Hello,
For the mark scheme of the 2018 exam, for question 1.2, you wrote that
H(X) ≤ log₂(33) < Lc(Huffman(X))
However, the second inequality is not always true. In this particular question, the "worst-case scenario" is when 4 letters appear thrice, and the other 29 each appear four times. Calculating the average length of our Huffman code, we get 5.046875, which is marginally greater than log₂(33). However, for any other distribution of letters, the average Huffman length is less than log₂(33). (This also means the answer to the question itself should be no and not yes, since an average length of 5.5 is impossible.)
What we do have are the two inequalities
H(X) ≤ log₂(n)
and
H(X) ≤ Lc(Huffman(X))
However, these two together do not imply the second inequality. Furthermore, whilst one might argue that when the letters are equally distributed we have H(X) = log₂(n), this can only occur when the number of letters in the word is a multiple of n.

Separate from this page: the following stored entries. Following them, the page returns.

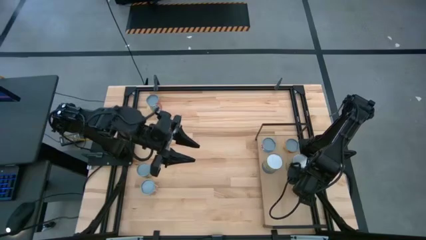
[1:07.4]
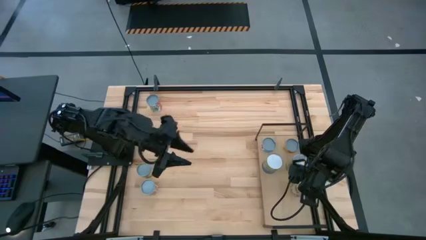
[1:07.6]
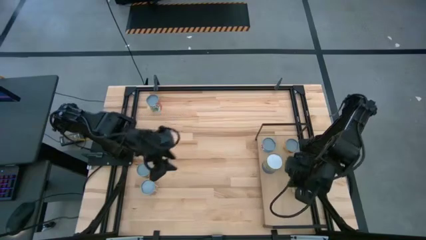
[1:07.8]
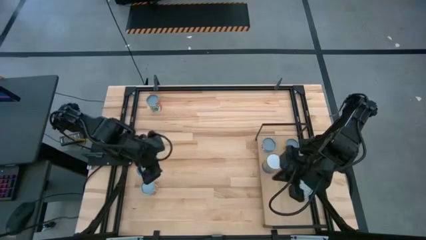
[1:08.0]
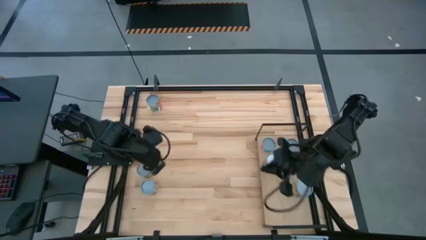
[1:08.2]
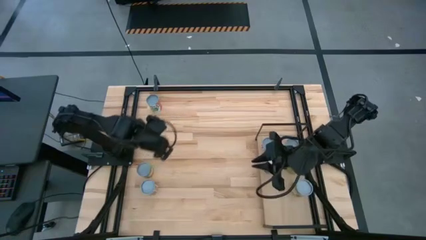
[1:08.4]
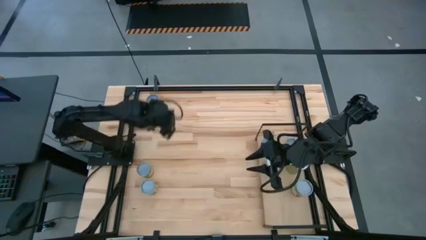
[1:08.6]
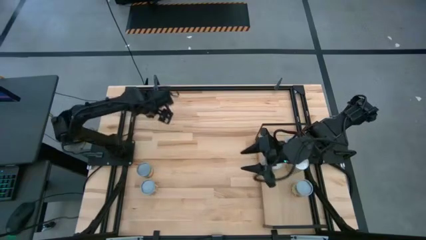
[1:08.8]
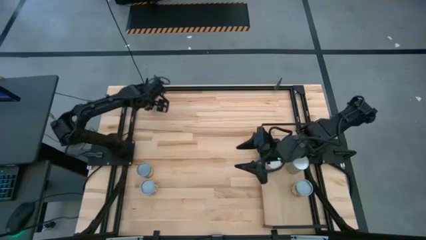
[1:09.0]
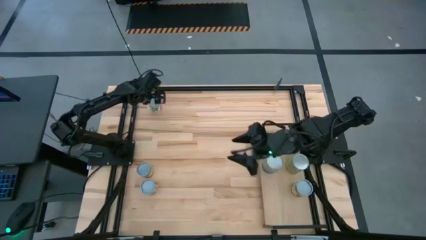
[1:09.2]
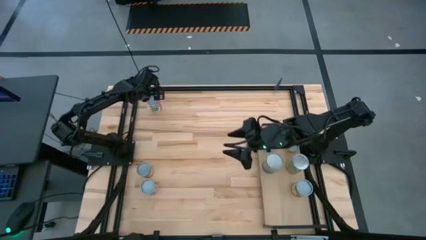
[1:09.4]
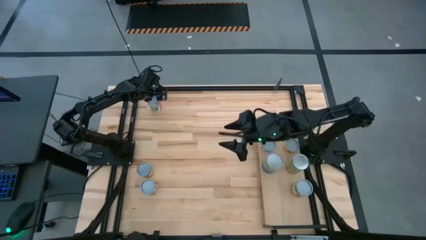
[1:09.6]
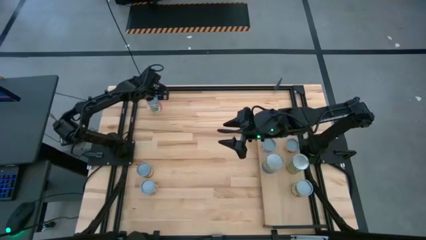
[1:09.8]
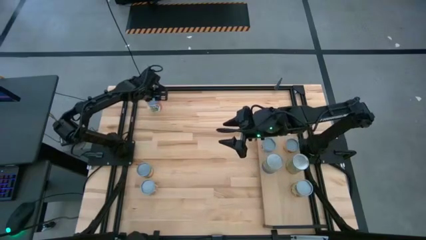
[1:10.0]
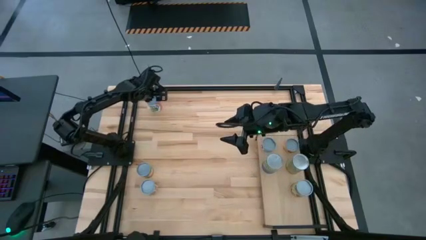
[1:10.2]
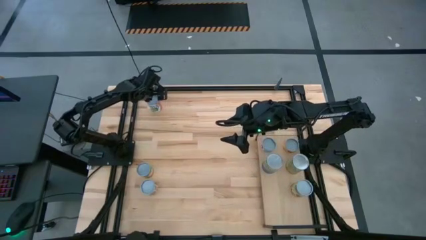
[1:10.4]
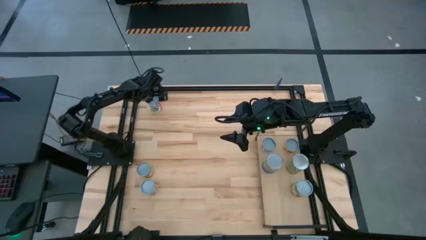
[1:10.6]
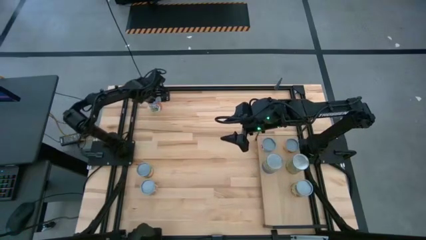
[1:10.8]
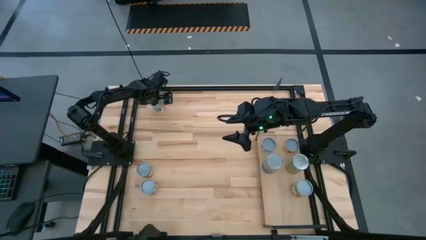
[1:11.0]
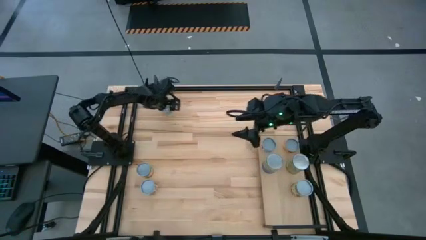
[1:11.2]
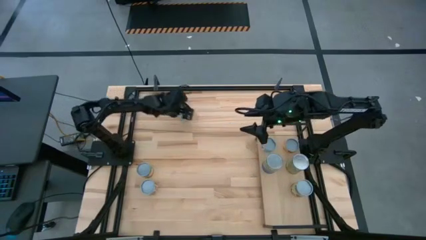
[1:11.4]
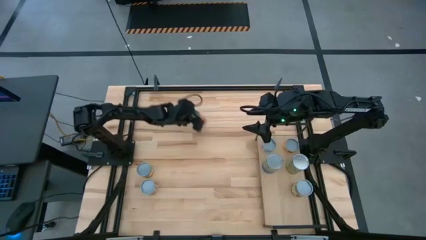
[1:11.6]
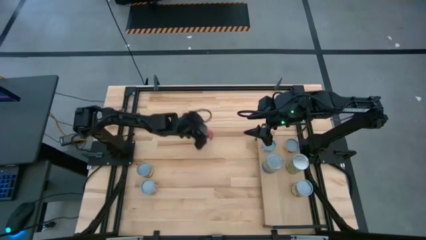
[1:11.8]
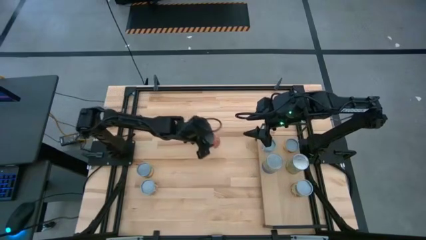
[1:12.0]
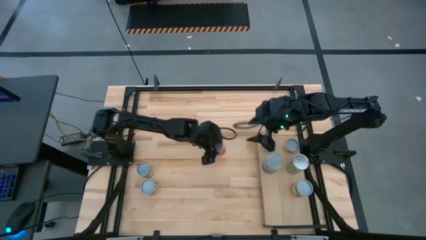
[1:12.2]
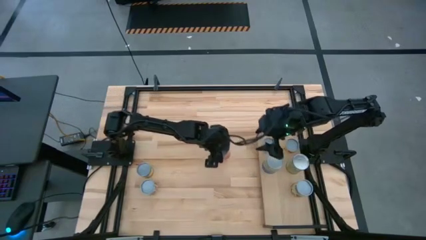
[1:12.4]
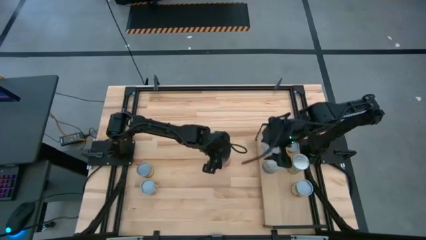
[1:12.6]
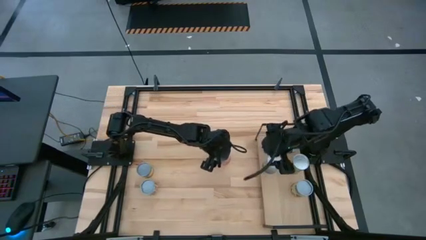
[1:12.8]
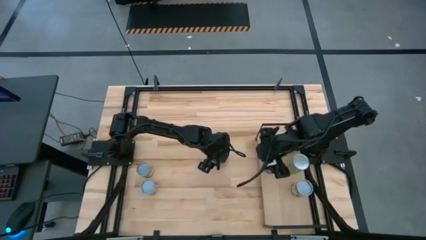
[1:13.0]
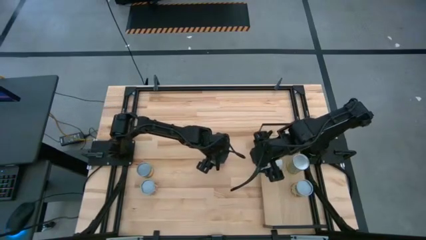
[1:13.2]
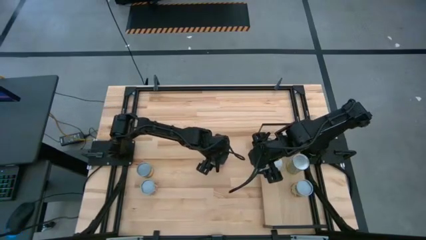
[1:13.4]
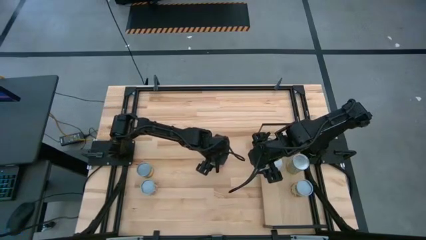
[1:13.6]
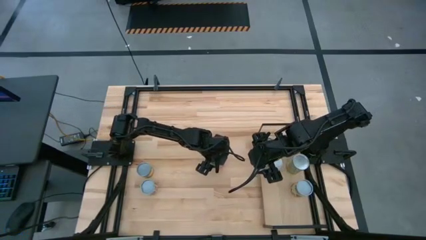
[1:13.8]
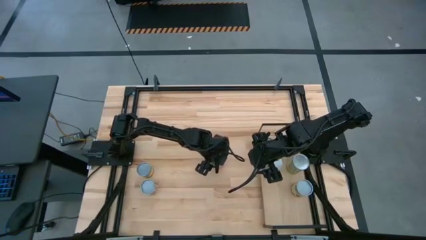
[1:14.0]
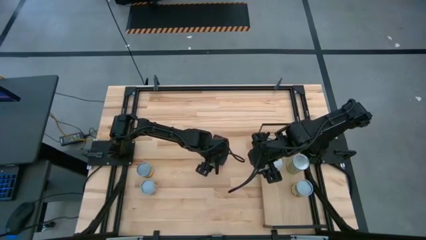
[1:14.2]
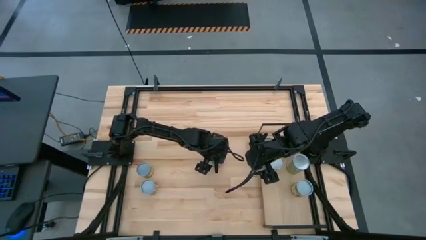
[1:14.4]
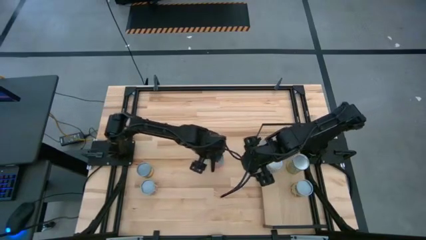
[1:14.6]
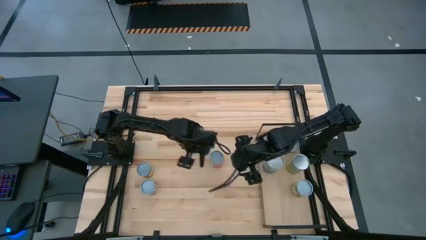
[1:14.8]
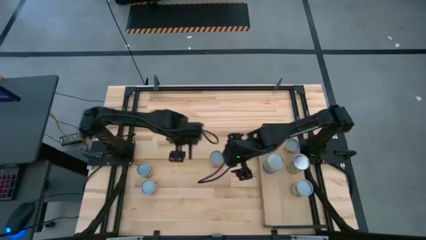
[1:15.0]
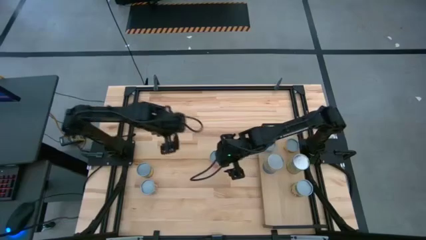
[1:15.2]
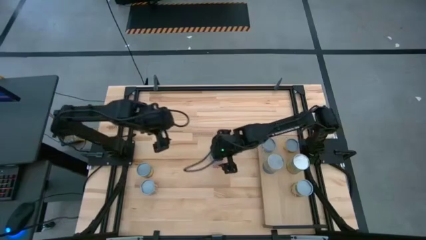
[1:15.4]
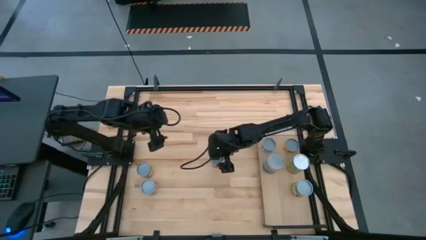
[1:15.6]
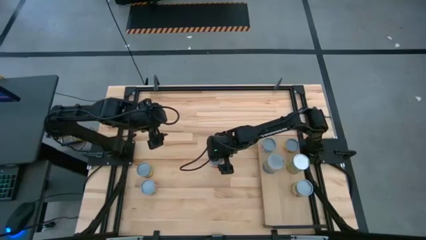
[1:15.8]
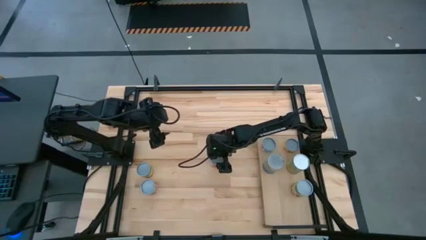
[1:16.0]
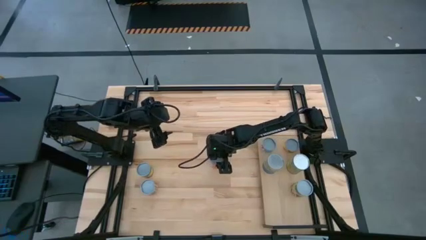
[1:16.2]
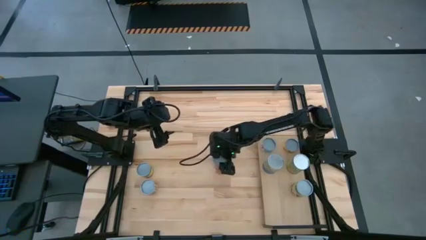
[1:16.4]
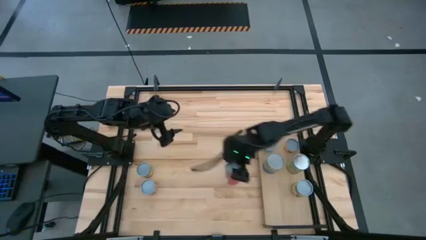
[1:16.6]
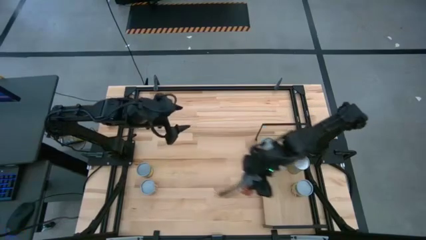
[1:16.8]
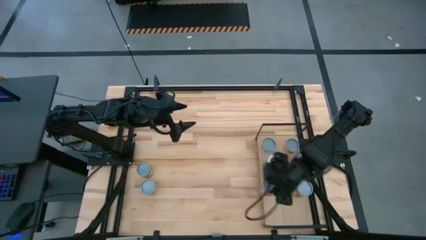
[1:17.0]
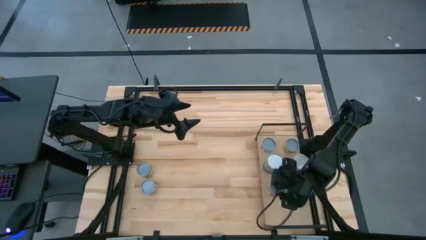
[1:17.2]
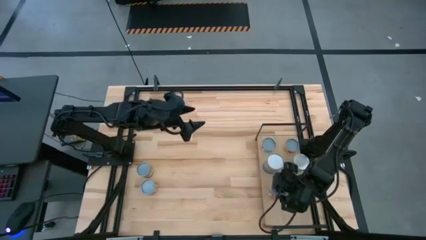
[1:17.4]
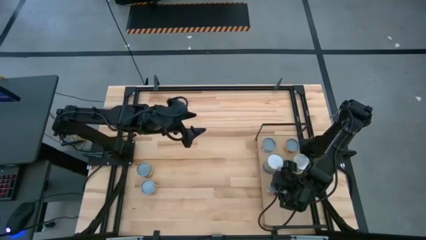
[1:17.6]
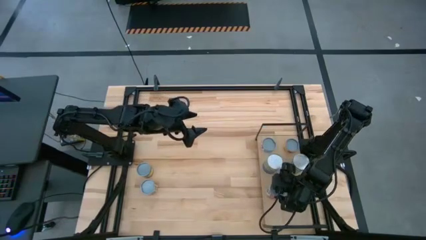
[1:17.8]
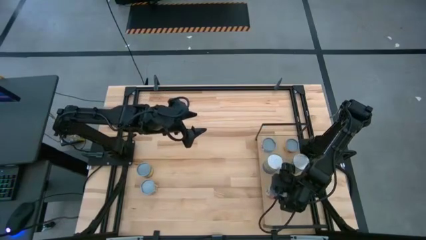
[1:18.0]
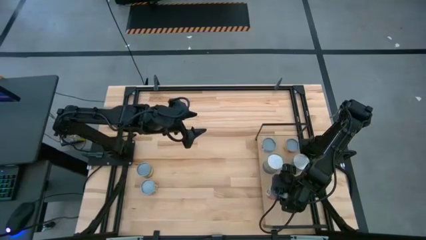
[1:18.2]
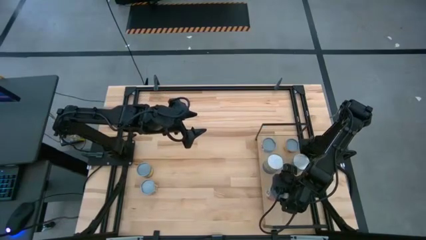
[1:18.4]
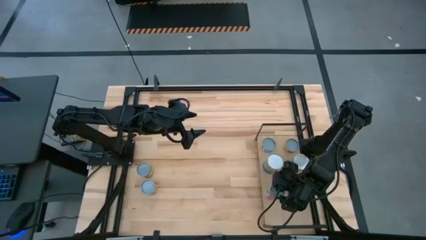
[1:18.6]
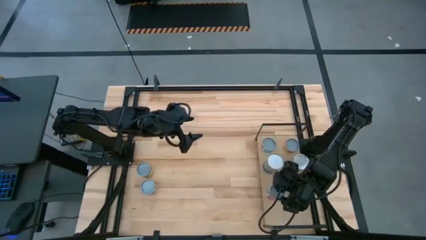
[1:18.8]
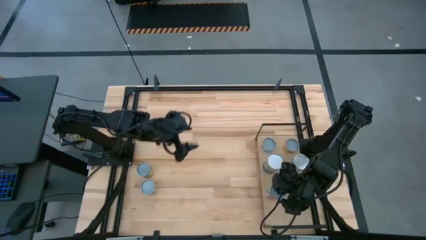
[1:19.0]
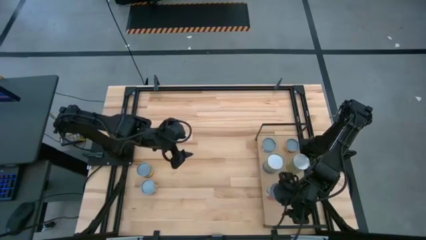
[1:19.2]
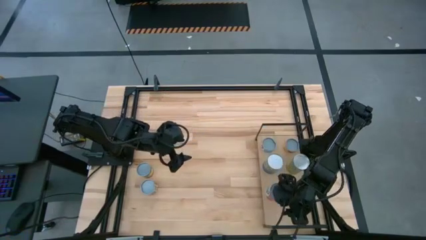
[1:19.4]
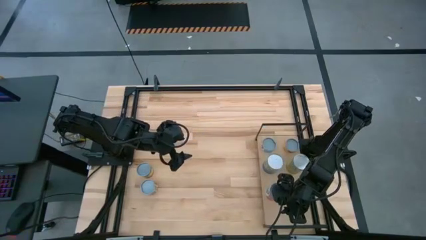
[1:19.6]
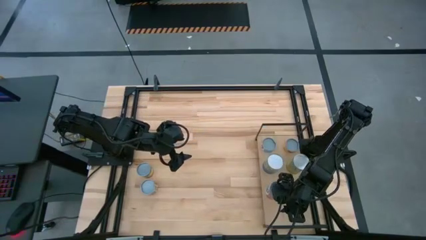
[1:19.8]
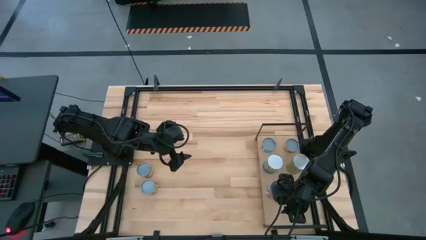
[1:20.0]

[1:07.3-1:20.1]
Task: Pick and place cans onto a shelf
Put the canned mixed fruits on the shelf

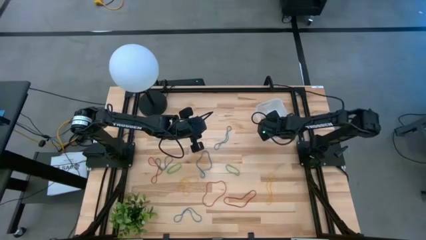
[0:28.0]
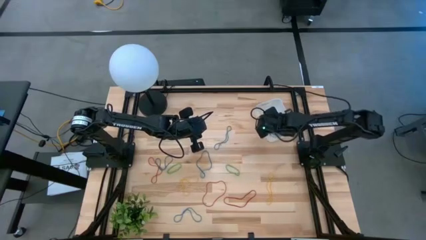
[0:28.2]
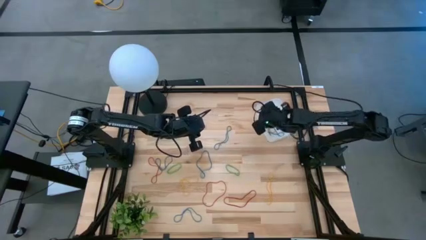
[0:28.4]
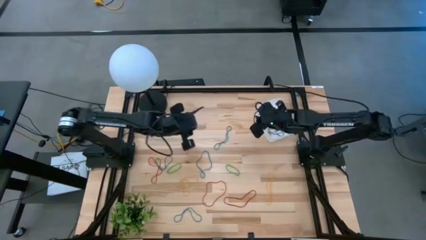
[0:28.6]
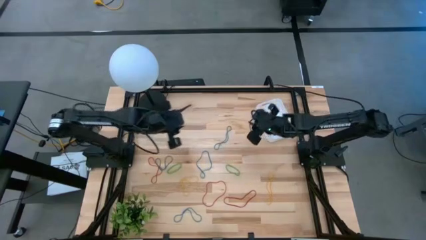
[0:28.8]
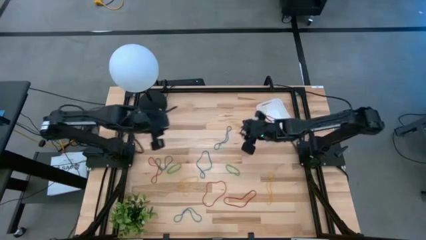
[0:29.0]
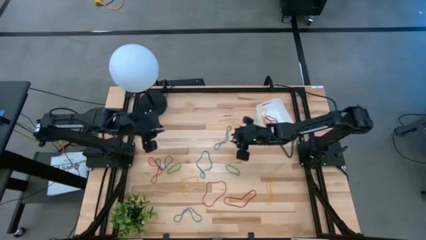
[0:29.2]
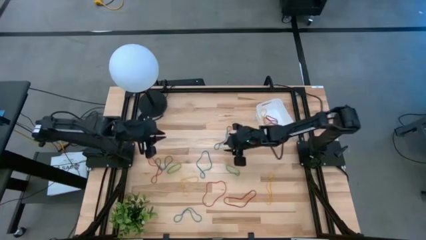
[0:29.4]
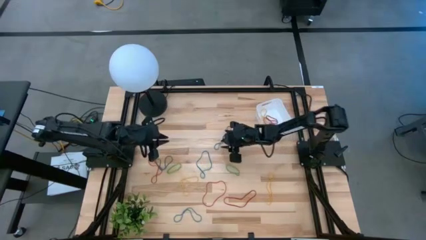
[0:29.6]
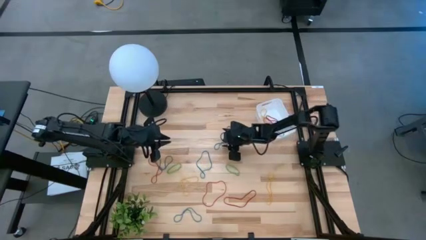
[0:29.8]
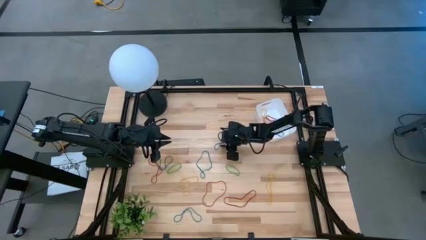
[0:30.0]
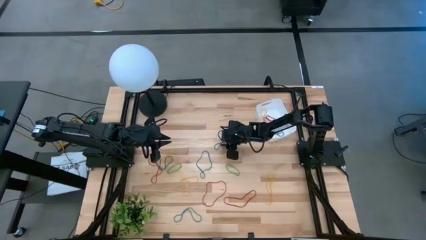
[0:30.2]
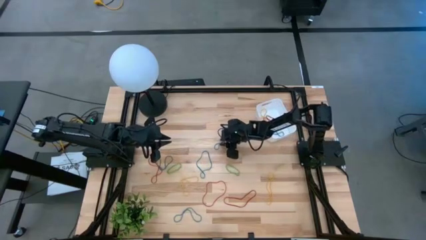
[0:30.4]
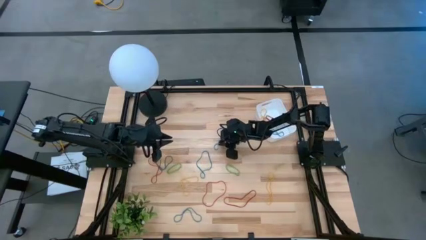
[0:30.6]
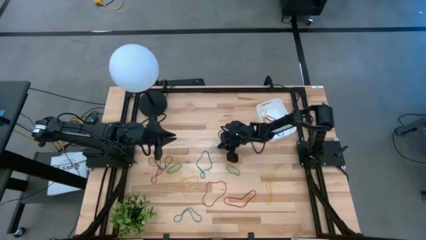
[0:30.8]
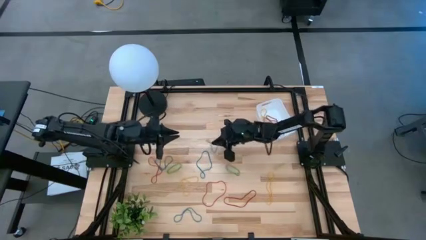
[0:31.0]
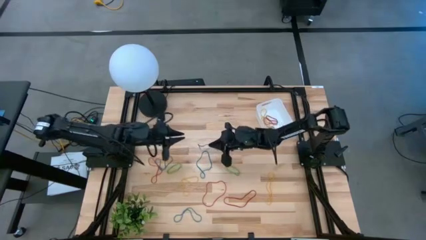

Otherwise, the second inequality is not necessarily true. For example, if n = 3, and the word is of length 4, we have only a few possible letter-frequency distributions ( (4,0,0), (3,1,0), (2,2,0) and (2,1,1) ) of which the "worst-case scenario" (maximal average-length) is the latter (so for example the word ADAM). For this word, we could encode the letters as follows:
- A = 0
- D = 10
- M = 11
which gives an average Huffman-length of 6/4 = 1.5. But this is inferior to log₂(3), and so for all possible words of length 4, including the worst case, the second inequality is incorrect. Indeed, if your question posed that the word length was 64 instead of 128, then the second inequality would also never hold in that case, as the longest possible Huffman-length occurs with a distribution of (1, 1, 2, 2, .... 2), which gives a length of 5.03125. But this is inferior to log₂(33) !
Regards,
Tanish Patil